# Adding "는" to a verb



## wingedfire

안녕하세요!

Why do people sometimes put "는" after verbs? Does it turn them into the subject of the sentence? For example, a friend (also a learner) once told me:

것 마시는 없어!

I assume that the "neun" turns the term "to drink," into a noun, and my friend is telling me not to drink the thing.
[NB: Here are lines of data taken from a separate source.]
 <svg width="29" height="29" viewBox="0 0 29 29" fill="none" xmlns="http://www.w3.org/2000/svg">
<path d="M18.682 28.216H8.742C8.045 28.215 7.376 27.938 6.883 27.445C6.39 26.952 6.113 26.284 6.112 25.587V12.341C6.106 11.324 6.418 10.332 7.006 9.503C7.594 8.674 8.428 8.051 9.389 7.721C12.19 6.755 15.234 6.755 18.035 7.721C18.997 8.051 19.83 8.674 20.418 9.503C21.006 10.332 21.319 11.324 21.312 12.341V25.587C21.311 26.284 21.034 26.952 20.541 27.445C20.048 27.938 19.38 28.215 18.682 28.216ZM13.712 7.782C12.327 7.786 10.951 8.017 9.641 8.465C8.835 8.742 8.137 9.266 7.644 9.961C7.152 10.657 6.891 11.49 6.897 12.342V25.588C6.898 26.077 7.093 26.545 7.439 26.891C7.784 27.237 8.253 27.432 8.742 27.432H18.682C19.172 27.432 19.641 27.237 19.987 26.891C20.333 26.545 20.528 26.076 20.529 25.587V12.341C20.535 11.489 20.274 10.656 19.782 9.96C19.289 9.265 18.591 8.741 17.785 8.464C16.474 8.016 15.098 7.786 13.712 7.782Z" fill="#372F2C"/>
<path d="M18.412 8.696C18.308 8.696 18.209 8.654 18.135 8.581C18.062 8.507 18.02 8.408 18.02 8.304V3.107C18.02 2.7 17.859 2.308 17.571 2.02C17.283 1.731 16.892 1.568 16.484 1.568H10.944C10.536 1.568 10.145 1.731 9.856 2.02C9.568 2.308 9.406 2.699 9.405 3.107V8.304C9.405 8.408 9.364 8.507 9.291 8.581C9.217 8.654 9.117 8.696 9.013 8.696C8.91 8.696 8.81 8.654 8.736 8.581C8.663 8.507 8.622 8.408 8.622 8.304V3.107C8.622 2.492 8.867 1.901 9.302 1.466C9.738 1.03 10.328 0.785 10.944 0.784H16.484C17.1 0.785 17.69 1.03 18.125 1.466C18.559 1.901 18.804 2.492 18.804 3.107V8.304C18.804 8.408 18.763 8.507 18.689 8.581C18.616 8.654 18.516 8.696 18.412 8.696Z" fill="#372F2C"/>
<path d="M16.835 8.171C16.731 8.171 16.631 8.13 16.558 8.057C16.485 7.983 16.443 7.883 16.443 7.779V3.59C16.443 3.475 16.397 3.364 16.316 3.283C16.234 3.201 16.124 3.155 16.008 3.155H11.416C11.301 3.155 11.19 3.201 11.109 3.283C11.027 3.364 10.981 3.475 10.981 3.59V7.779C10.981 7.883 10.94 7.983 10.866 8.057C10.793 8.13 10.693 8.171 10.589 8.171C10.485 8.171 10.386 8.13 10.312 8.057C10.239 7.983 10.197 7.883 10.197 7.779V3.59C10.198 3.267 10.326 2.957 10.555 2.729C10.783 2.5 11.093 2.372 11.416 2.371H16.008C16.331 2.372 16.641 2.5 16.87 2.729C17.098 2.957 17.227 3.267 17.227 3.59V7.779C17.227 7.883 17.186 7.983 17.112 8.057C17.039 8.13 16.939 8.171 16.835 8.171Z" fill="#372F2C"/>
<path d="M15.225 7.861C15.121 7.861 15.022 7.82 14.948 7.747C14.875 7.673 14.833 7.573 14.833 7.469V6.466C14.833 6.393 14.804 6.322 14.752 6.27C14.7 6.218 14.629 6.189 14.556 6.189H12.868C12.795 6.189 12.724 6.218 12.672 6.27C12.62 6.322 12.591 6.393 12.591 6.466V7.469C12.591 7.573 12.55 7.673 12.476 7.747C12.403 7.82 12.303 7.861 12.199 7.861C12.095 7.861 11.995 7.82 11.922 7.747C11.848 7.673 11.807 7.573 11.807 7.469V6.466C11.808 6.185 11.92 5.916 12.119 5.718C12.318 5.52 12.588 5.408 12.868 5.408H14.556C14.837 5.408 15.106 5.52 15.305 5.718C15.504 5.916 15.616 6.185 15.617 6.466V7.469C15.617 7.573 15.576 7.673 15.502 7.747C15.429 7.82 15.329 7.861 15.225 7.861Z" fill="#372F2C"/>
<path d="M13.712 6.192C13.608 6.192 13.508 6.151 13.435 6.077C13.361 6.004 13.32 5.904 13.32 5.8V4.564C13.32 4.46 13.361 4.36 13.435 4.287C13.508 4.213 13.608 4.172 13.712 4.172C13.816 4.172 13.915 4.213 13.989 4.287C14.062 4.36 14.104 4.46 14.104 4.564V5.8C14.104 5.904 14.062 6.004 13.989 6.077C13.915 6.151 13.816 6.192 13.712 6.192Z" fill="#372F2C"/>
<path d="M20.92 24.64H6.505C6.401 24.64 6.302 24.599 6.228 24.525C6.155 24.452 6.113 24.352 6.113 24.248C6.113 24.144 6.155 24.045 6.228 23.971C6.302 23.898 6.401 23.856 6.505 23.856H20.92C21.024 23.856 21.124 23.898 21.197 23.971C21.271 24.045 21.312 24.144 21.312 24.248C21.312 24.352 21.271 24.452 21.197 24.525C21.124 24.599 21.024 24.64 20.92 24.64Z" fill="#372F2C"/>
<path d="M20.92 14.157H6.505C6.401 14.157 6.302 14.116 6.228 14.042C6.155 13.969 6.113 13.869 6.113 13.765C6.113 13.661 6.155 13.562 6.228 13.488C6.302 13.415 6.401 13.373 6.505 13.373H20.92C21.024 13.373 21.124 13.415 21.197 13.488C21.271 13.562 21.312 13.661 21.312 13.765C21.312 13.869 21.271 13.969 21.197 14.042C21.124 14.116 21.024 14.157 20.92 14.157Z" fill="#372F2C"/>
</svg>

But I just want to make sure.

감사합니다.


----------



## Gijoe

wingedfire,

The sentence in Korean is completly wrong, so, I am not sure what you try to say.
Can you check and repost it again?


----------



## eggsarepurple

I think what the topic starter is trying to say is: 이 걸 안 맛있어. (This thing is not delicious) 

Well, you can add 는 after an descriptive verb like 맛있다 to describe a noun after that..for eg, 맛있는 음식.

You can add 는 것 after a verb to "nominalize" it..for eg, 운동하는 것 좋아해요.


----------



## Warp3

Appending (으)ㄴ, 는, or (으)ㄹ to a verb stem results in a adjective form (the 3 endings are based on the 3 basic tenses).

Examples:
마시다 = to drink (with 마시 being the verb stem)
아이 = child
마신 아이 = the child that drank
마시는 아이 = the child that is drinking
마실 아이 = the child that will drink


----------



## simka

I think @wingedfire wanted to say 마시는 것 없어 ! (there is nothing to drink)

If so, warp3 's explanation is proper


----------